「あいててよかった…」のコマーシャルでおなじみのコンビニにならって、スーパーやファミリーレストランもまた、24時間営業や深夜営業、年中無休を行うようになった。しかし、今や平日の昼間でさえ、パートやアルバイトの人手確保に苦労している。

 元日休業が広がった背景の二つ目は、「従業員満足度」すなわち「働き方改革」である。実は、三越伊勢丹HDの大西洋前社長は16年、多くの百貨店が2日に初売りを行う中で、首都圏店舗を中心に初売りを3日とした。そして18年の正月は3が日を休業とし、4日からの営業を検討していた。休日が増加すれば、従業員の意欲向上、引いては顧客へのサービス向上につながると考えたためだ。しかし、実現しなかった。

2017年5月、新製品発表会で船井電機の船越秀明社長(右)と握手する
ヤマダ電機の山田昇会長(左)
 かつて、ヤマダ電機創業者の山田昇会長にインタビューした際、次のように語っていたのが印象的だった。

「元日を休みにできるのは、うちにそれだけの体力があるからです。全店舗が1日休めば、150億円の減収、その利益分は社員2万人分のボーナス分に相当する。それでも休みにしたんです。流通業は、会社への帰属意識が低いといわれます。対策として、従業員満足度を高めることが重要です。『勤めてよかった、自分の子どもにも勤めさせてあげたい』と思われるような会社にするためには、職場環境づくりが大事なんです」

 元日休業は、従業員満足度を高め、帰属意識を強めて離職率を下げるための、一つの旗印にはなる。しかし、実現するためには、機会損失を許容できる体力、もしくは補填(ほてん)するための策が求められるわけだ。

 ただでさえ、日本のサービス産業の生産性は低い。日本生産性本部の調べによると、わが国の労働生産性は製造業で米国の7割であるのに対して、サービス産業では5割に過ぎず、むしろ格差が年々拡大しているのが現状だ。それだけに、サービス産業の従業員のモチベーションの向上は急務である。

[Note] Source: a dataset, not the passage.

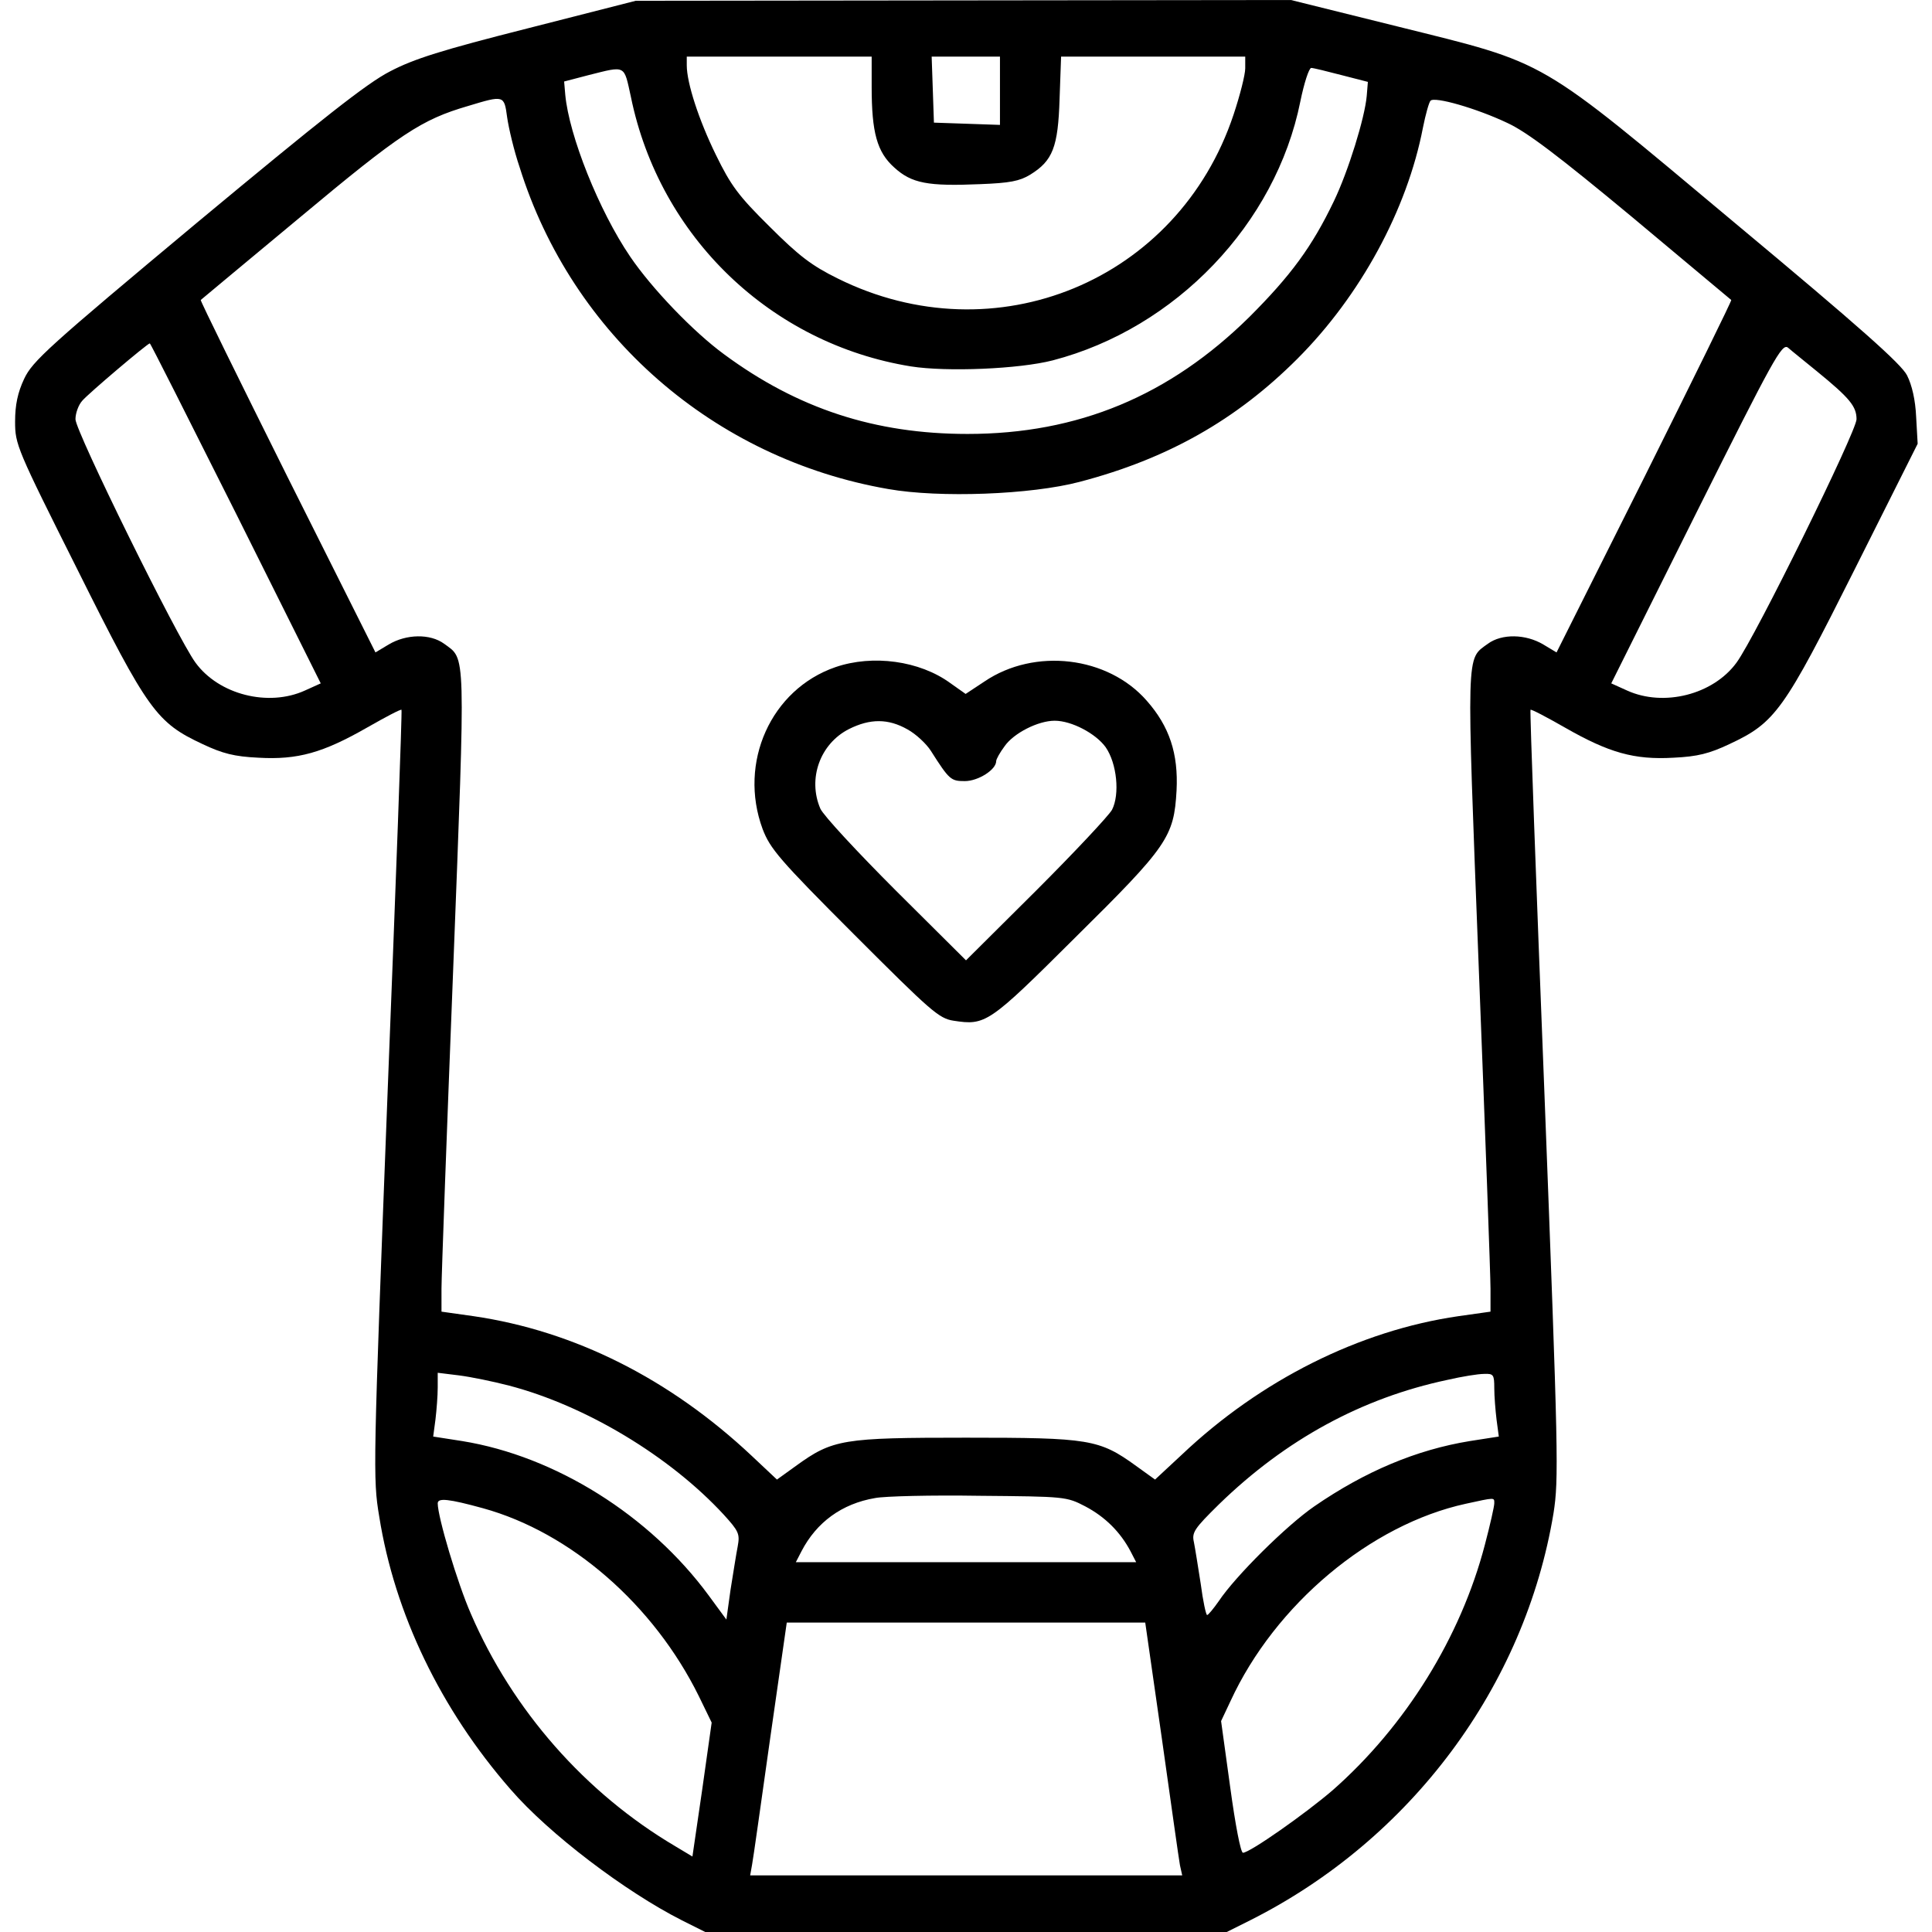 <?xml version="1.0" encoding="UTF-8" standalone="no"?> <svg xmlns="http://www.w3.org/2000/svg" version="1.0" width="512pt" height="512pt" viewBox="0 0 512 512" preserveAspectRatio="xMidYMid meet"><g transform="translate(0,512) scale(0.1,-0.1)" fill="#000000" stroke="none"><path d="M1399 5045 c-229 -58 -302 -81 -365 -114 -61 -31 -181 -126 -513 -402 -393 -328 -435 -366 -457 -413 -17 -36 -24 -69 -24 -113 0 -61 4 -71 166 -394 186 -373 209 -404 331 -461 53 -25 84 -33 148 -36 104 -6 171 13 288 80 49 28 89 49 91 47 2 -2 -15 -461 -37 -1019 -38 -989 -39 -1018 -22 -1119 41 -258 163 -511 348 -723 102 -118 304 -271 454 -347 l62 -31 691 0 691 0 62 31 c426 214 728 620 804 1079 14 90 13 150 -24 1110 -22 558 -39 1017 -37 1019 2 2 42 -19 91 -47 117 -67 184 -86 288 -80 64 3 95 11 148 36 122 57 144 88 332 463 l167 333 -4 71 c-2 45 -11 84 -24 110 -15 30 -124 127 -455 403 -532 445 -491 421 -896 522 l-282 70 -868 -1 -868 -1 -286 -73z m911 -155 c0 -121 14 -173 60 -214 46 -42 89 -50 228 -44 78 3 104 8 132 25 60 37 74 73 78 201 l4 112 244 0 244 0 0 -31 c0 -17 -14 -72 -31 -123 -147 -441 -632 -641 -1049 -434 -69 34 -103 60 -181 138 -82 81 -102 108 -142 190 -45 92 -77 190 -77 237 l0 23 245 0 245 0 0 -80z m340 -10 l0 -91 -87 3 -88 3 -3 88 -3 87 91 0 90 0 0 -90z m-978 -17 c76 -371 371 -654 742 -714 95 -15 287 -7 376 16 326 85 591 362 656 686 10 49 23 89 29 89 5 0 42 -9 80 -19 l70 -18 -3 -37 c-5 -58 -49 -200 -87 -279 -58 -121 -114 -197 -224 -307 -212 -209 -454 -310 -747 -310 -245 0 -450 67 -645 211 -82 60 -192 175 -249 259 -83 122 -162 321 -172 429 l-3 35 65 17 c100 25 93 28 112 -58z m-328 -54 c4 -28 18 -88 33 -132 139 -445 515 -773 977 -853 136 -24 378 -15 507 19 233 61 415 164 577 326 167 167 291 395 333 613 7 35 16 67 20 71 10 12 122 -20 204 -59 52 -24 136 -88 330 -249 143 -120 261 -218 263 -220 2 -1 -102 -212 -230 -469 l-233 -465 -35 21 c-47 28 -110 29 -147 2 -58 -43 -57 -4 -24 -862 17 -433 31 -814 31 -847 l0 -61 -85 -12 c-262 -38 -524 -169 -733 -367 l-71 -66 -50 36 c-98 71 -124 75 -451 75 -327 0 -353 -4 -451 -75 l-50 -36 -67 63 c-217 204 -470 331 -737 370 l-85 12 0 61 c0 33 14 414 31 847 33 858 34 819 -24 862 -37 27 -100 26 -147 -2 l-35 -21 -233 465 c-128 257 -232 468 -230 469 2 2 120 100 263 219 267 223 322 259 445 295 96 29 96 29 104 -30z m-719 -1049 l225 -451 -42 -19 c-97 -44 -228 -11 -290 74 -49 67 -318 613 -318 645 0 16 8 38 18 49 16 19 173 152 179 152 2 0 104 -203 228 -450z m4190 376 c87 -71 105 -93 105 -127 0 -32 -268 -577 -318 -645 -62 -85 -193 -118 -290 -74 l-42 19 225 451 c205 410 227 450 243 439 9 -8 44 -36 77 -63z m-3466 -2688 c203 -53 426 -187 569 -342 40 -44 43 -51 37 -84 -4 -20 -12 -72 -19 -115 l-11 -79 -47 64 c-156 212 -406 369 -653 409 l-77 12 6 45 c3 25 6 63 6 85 l0 39 57 -7 c31 -4 90 -16 132 -27z m2611 -7 c0 -21 3 -58 6 -83 l6 -45 -77 -12 c-141 -23 -277 -80 -412 -173 -74 -51 -209 -185 -253 -251 -14 -20 -28 -37 -31 -37 -3 0 -11 37 -17 83 -7 45 -15 95 -18 110 -6 26 1 36 67 101 176 171 378 281 604 329 39 9 82 16 98 16 25 1 27 -2 27 -38z m-1084 -313 c53 -28 93 -68 120 -119 l15 -29 -451 0 -451 0 15 29 c40 77 107 126 195 141 25 5 150 8 276 6 227 -2 231 -2 281 -28z m-1596 -5 c232 -64 452 -255 572 -498 l34 -70 -25 -177 -26 -178 -45 27 c-239 141 -432 361 -542 616 -36 82 -88 257 -88 293 0 15 29 12 120 -13z m2680 13 c0 -8 -11 -57 -25 -110 -64 -245 -210 -480 -403 -650 -72 -62 -220 -166 -238 -166 -6 0 -20 72 -34 175 l-24 174 25 53 c118 256 371 468 624 523 78 17 75 17 75 1z m-881 -623 c24 -170 45 -320 48 -336 l6 -27 -573 0 -572 0 5 28 c3 15 24 165 48 335 l44 307 475 0 475 0 44 -307z"></path><path d="M2214 3352 c-171 -59 -258 -253 -193 -429 20 -52 43 -80 243 -280 203 -203 224 -222 263 -228 85 -13 93 -8 321 219 247 244 263 268 270 391 5 98 -19 170 -79 238 -103 118 -297 141 -430 51 l-50 -33 -41 29 c-81 59 -205 76 -304 42z m191 -165 c22 -12 50 -38 62 -57 49 -77 53 -80 90 -80 35 0 83 30 83 53 0 5 10 23 22 39 24 35 89 68 133 68 45 0 109 -34 135 -70 30 -43 38 -125 17 -166 -9 -16 -99 -112 -201 -214 l-186 -185 -186 185 c-102 102 -192 199 -200 217 -34 79 -1 172 76 211 56 28 104 28 155 -1z"></path></g></svg>

 では、どうすればいいのか。人手不足を解消するロボット、モノのインターネット(IoT)、人工知能(AI)などの先進技術を活用したサービスが開発され、実証実験が進んでいる。

 例えば、JR東日本は昨年11月、大宮駅で無人店舗の実証実験を行った。客は、入り口に設置されたゲートに「Suica」などICカードをかざして入店する。店内には約130種類の商品が並んでおり、欲しい商品を棚から取るだけでよい。出口に設置されたディスプレーに商品名と合計金額が表示されるので、それを確認し、「Suica」で決済する。AIがカメラを通じて商品を手に取った人を特定し、金額を計算する仕組みだ。